Physical therapy helps relieve knee pain by stretching out tight structures, strengthening weak muscles and improving the balance around the knee. The physiotherapist will also teach patients how to perform such exercises to prevent future injuries.
Moderate and low impact exercise help strengthen muscles around the knee joint and improve its movement. Balanced knee movements improve distribution of weight and pressure around the knee and help prevent recurrent knee pain. Different exercises will benefit different body-types and patients with different injuries
Use of painkillers
The use of Non-Steroidal Anti-inflammatory Drugs (NSAIDS) and paracetamol help reduce knee pain.

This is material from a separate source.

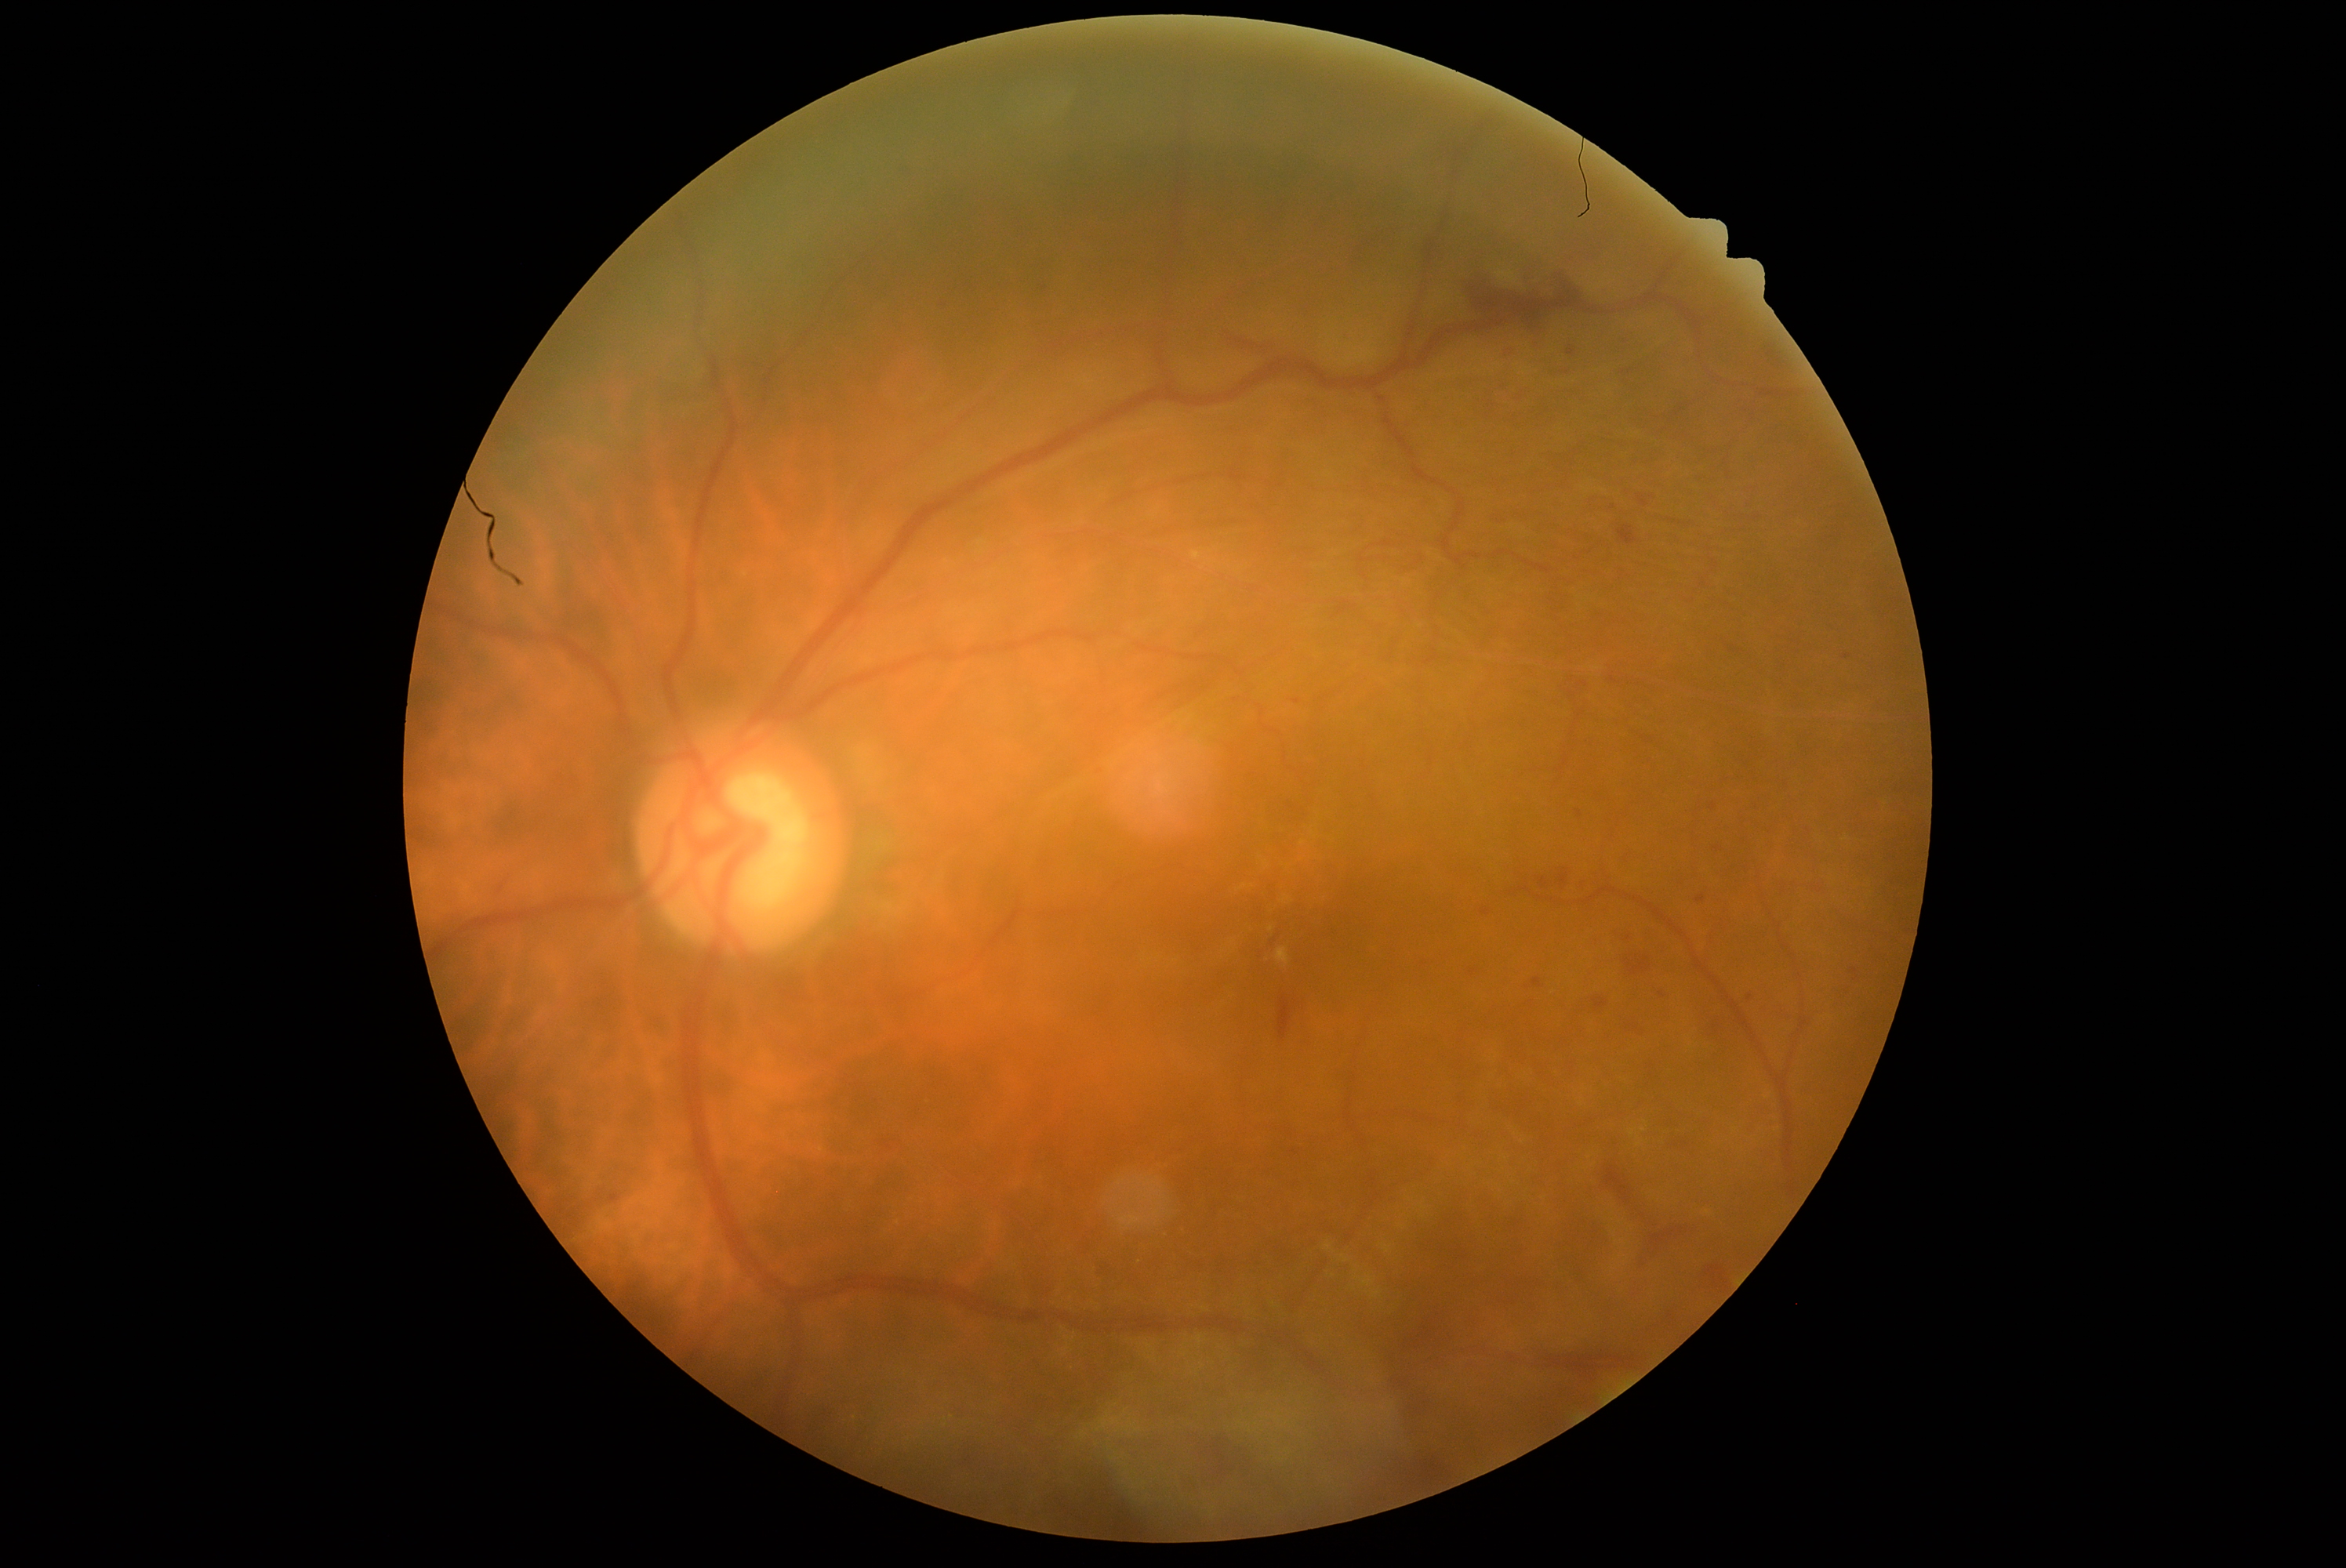
Retinopathy is moderate NPDR (grade 2)
Lesions identified (partial list):
hemorrhages (partial) = Rect(934, 297, 953, 314) | Rect(1594, 998, 1608, 1009) | Rect(1599, 1164, 1709, 1272) | Rect(1743, 992, 1759, 1004) | Rect(611, 1196, 620, 1203) | Rect(1632, 490, 1657, 510) | Rect(1586, 498, 1622, 515) | Rect(1723, 644, 1752, 664) | Rect(1621, 953, 1657, 979) | Rect(1509, 387, 1530, 405) | Rect(1698, 1257, 1735, 1291)
Small hemorrhages approximately at x=1717, y=849 | x=1580, y=814 | x=1473, y=972

Injections into the knee joint help reduce pain and inflammation. They allow quick return to physical activities and have little downtime. They include:
- Steroids: short-term pain relief
- Hyaluronic acid: viscosupplementation
Joint Preservation Surgical Techniques
Listed below are several techniques used to reduce pain and improve knee function while preserving the knee joint,
Some patients experience pain due to tears or degeneration of their meniscus. These are shock absorbers in the knee. Repairs may be done through key-hole incisions to improve knee pain. If these tears cannot be repaired, the meniscus will be debrided or smoothened out to help improve knee pain.
Management of cartilage defects
Cartilage are shock absorbers of the knee and help with smooth and painless movement.
Osteochondral Autologous Transfer Surgery (OATS) is a surgical procedure which involves the transfer of cartilage plugs taken from non-weight bearing areas of the joint and transferring them into the damaged area of the joint.
- Microfracture is a key-hole procedure to stimulate stem cells from the knee to differentiate into new cartilage to cover areas of cartilage defects.
Joint Realignment Procedures
The knee joint can wear out faster if the leg itself is misaligned (bow legged or knock knees). Realignment procedures are aimed at straightening out the leg and balancing the weight distribution around the knee
Proximal Fibula Osteotomy involves removing about 2cm of bone from the fibula to allow better distribution of weight around the tibia bone. It does not involve any metal implants and patients are allowed to weight bear immediately.
High tibial osteotomy involves realigning the tibia bone to improve weight distribution of the knee. It involves metal implants and patients may weight bear after several weeks of rehabilitation
Anterior Cruciate Ligament (ACL) Reconstruction
The ACL provides stability to your knee when you twist and turn. Without it, you may feel instability when you walk down stairs or participate in pivoting sports such as basketball or football. ACL reconstruction is done by minimally invasive techniques using your own hamstring grafts.
Knee preservation describes surgical and non-surgical techniques that help restore the function of the knee joint so that patients may return to their hobbies and active lifestyles. Your orthopaedic surgeon will assess multiple factors such as age, weight, daily activities and condition of your knee to determine the best way to manage your knee pain.